§ EXERCISE INSTRUCTIONS: Reproduce the lines of the material exactly, excluding every image.

[[ PROVIDED DATA open ]]

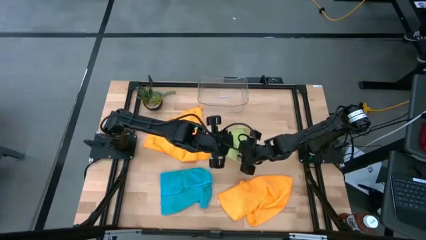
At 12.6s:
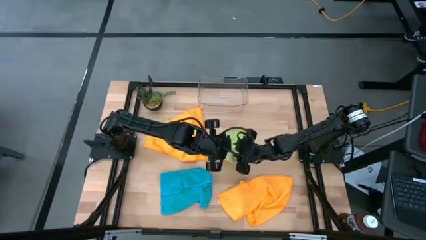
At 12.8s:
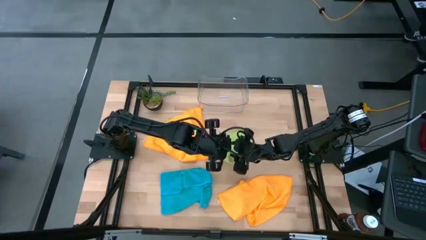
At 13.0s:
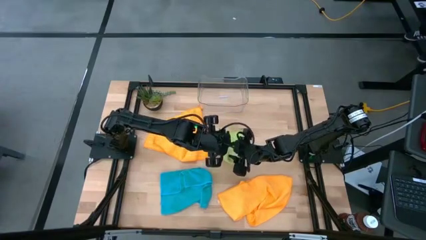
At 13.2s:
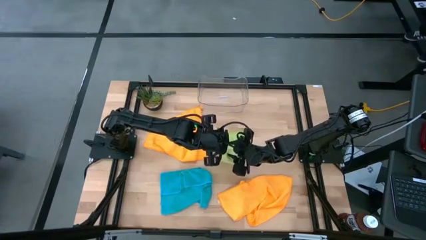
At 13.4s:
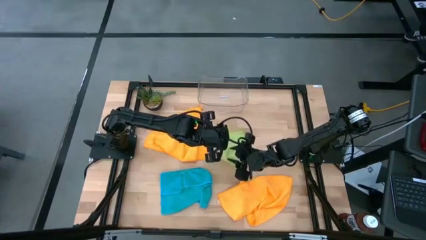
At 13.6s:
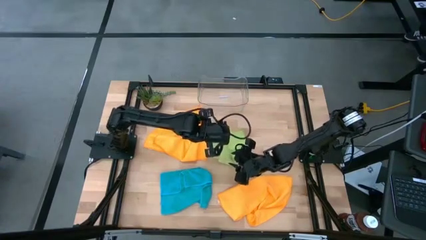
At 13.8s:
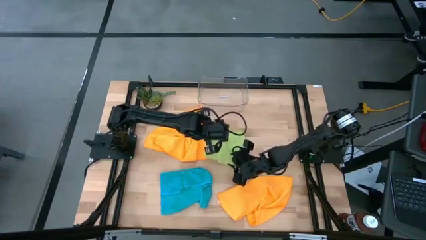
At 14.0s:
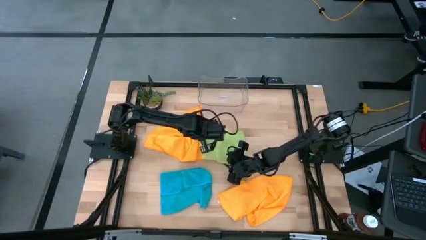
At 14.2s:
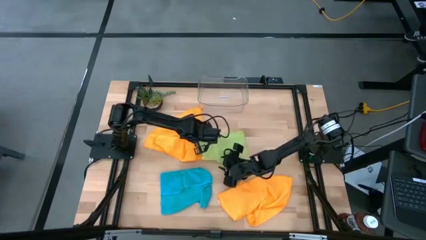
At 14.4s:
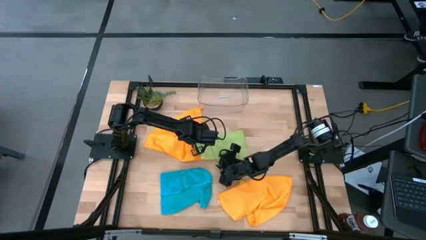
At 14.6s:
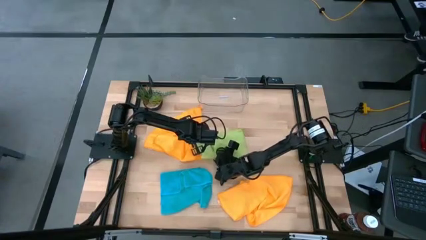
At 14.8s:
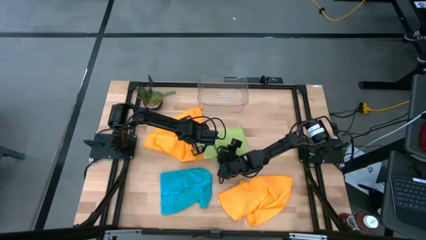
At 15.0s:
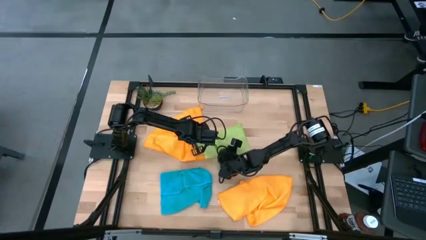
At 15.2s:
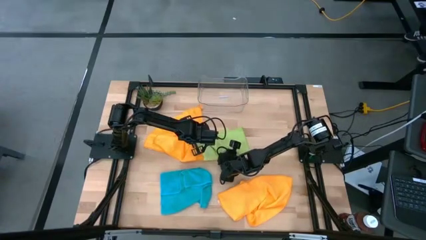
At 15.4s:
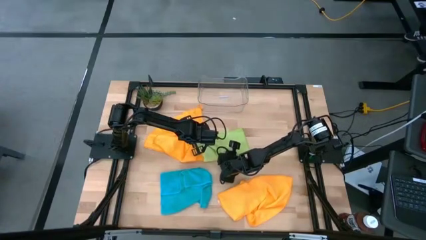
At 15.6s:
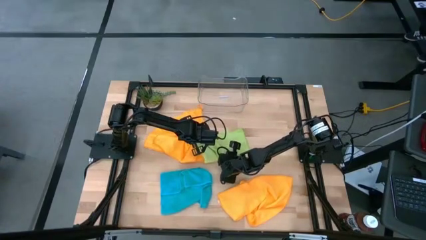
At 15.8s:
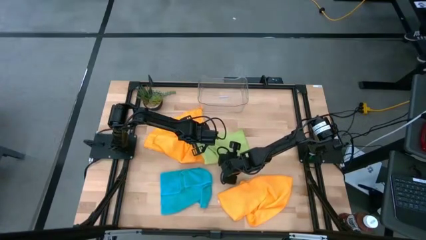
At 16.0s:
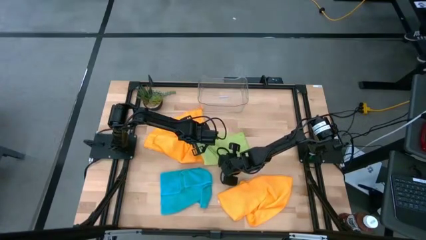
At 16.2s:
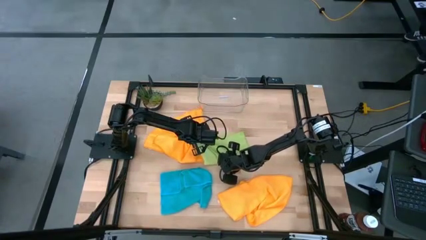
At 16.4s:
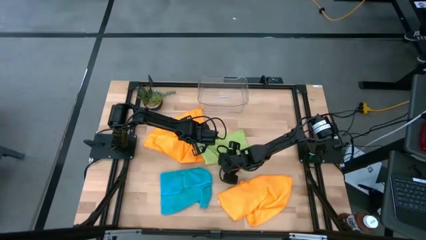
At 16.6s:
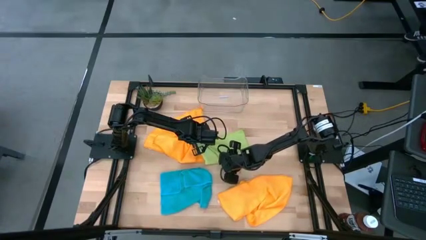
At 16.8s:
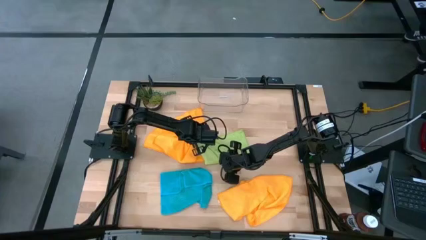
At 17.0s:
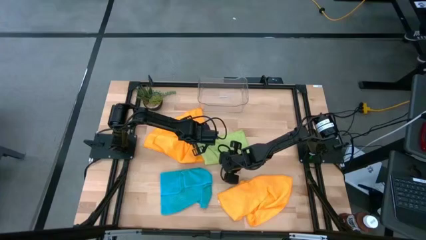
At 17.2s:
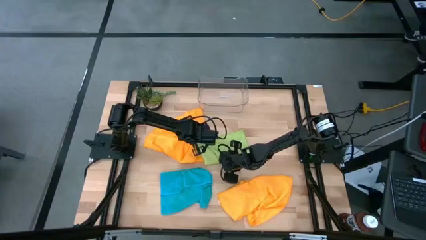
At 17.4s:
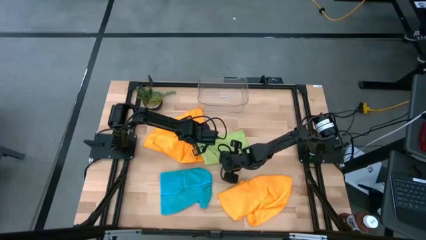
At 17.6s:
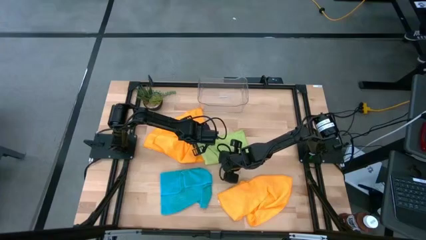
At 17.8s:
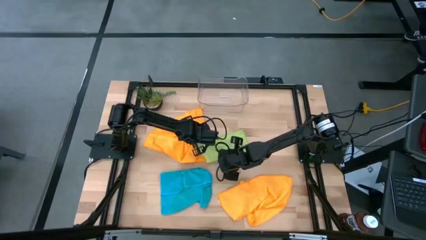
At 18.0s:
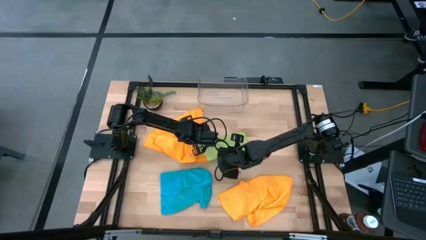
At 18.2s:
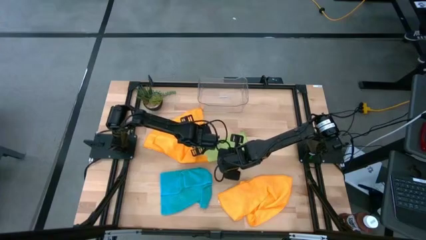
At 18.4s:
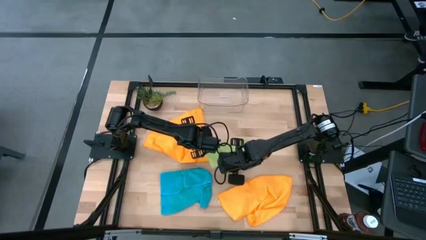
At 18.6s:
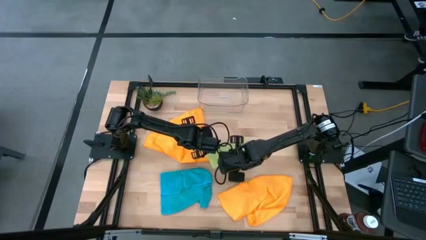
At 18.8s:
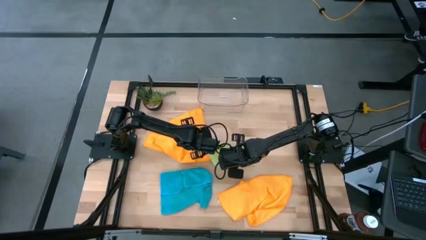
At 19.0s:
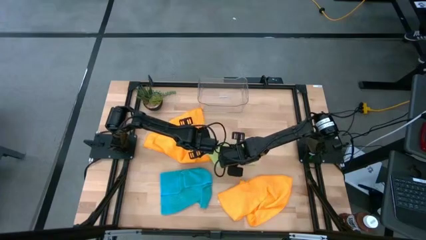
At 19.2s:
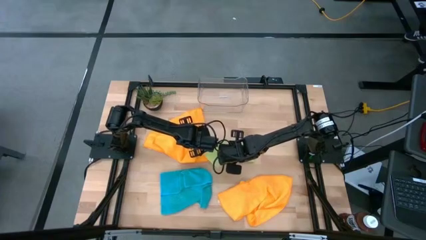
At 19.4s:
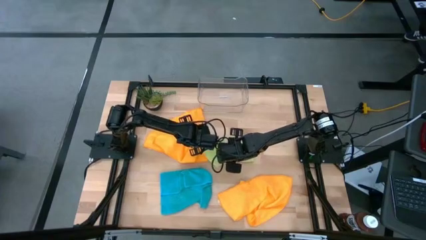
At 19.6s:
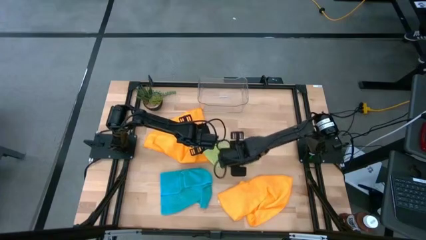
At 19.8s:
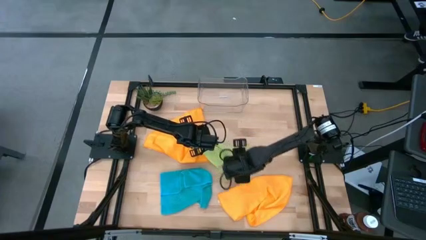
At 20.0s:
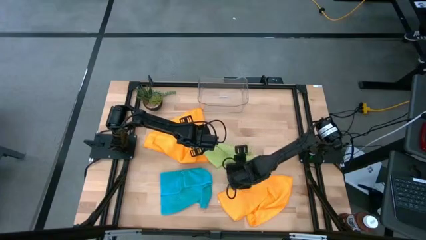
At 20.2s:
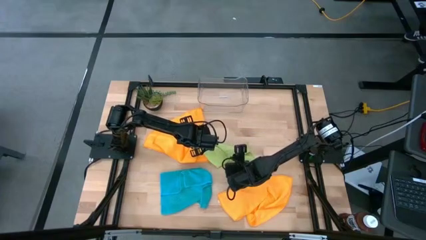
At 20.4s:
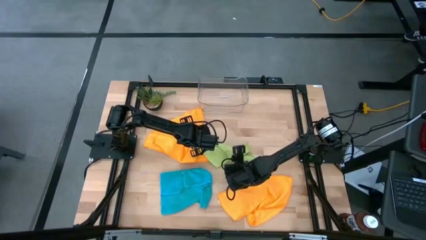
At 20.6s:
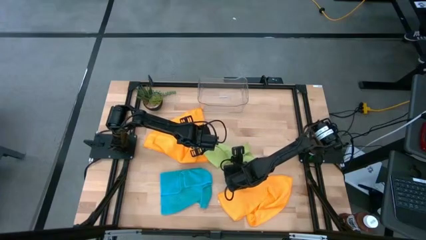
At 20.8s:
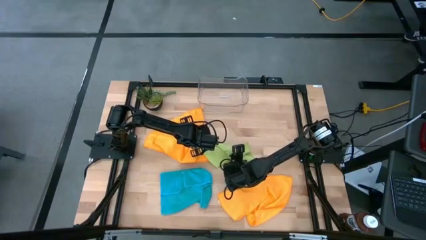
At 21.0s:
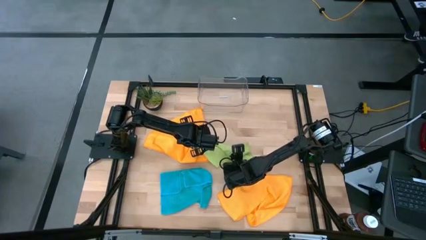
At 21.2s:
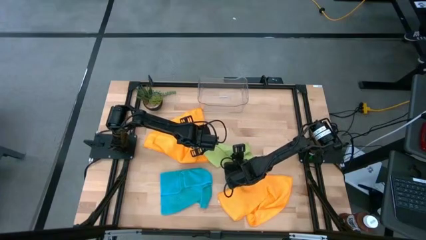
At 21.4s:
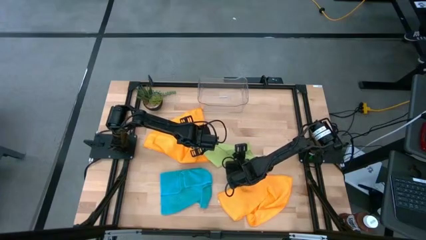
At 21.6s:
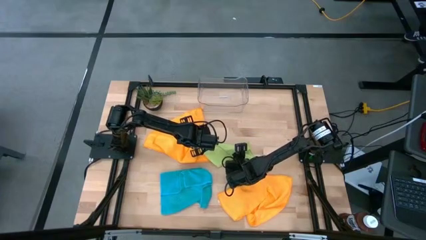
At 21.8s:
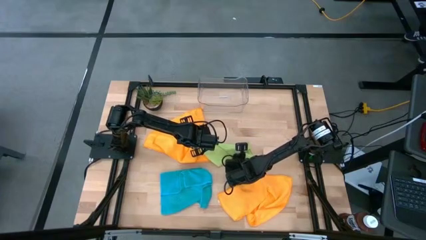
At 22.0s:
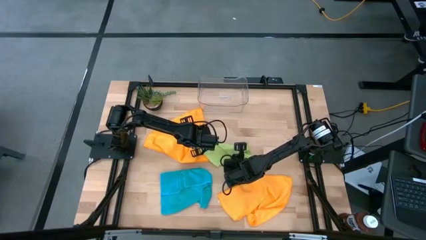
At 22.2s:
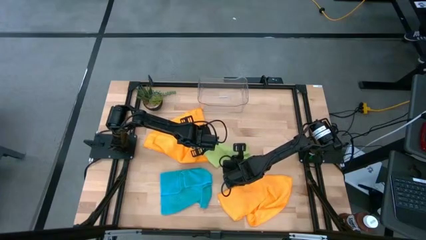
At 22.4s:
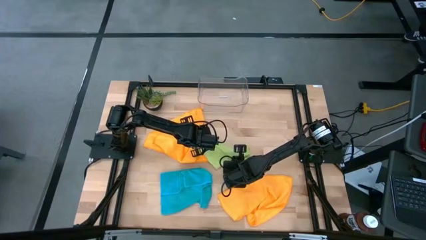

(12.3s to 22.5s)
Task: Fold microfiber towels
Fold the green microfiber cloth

[[ PROVIDED DATA closed ]]

§ ANSWER SECTION:
At 12.6s:
At 12.8s:
At 13.0s:
At 13.2s:
At 13.4s:
At 13.6s:
At 13.8s:
At 14.0s:
At 14.2s:
At 14.4s:
At 14.6s:
At 14.8s:
At 15.0s:
At 15.2s:
At 15.4s:
At 15.6s:
At 15.8s:
At 16.0s:
At 16.2s:
At 16.4s:
At 16.6s:
At 16.8s:
At 17.0s:
At 17.2s:
At 17.4s:
At 17.6s:
At 17.8s:
At 18.0s:
At 18.2s:
At 18.4s:
At 18.6s:
At 18.8s:
At 19.0s:
At 19.2s:
At 19.4s:
At 19.6s:
At 19.8s:
At 20.0s:
At 20.2s:
At 20.4s:
At 20.6s:
At 20.8s:
At 21.0s:
At 21.2s:
At 21.4s:
At 21.6s:
At 21.8s:
At 22.0s:
At 22.2s:
At 22.4s:

(12.3s to 22.5s)
Task: Fold microfiber towels
Fold the green microfiber cloth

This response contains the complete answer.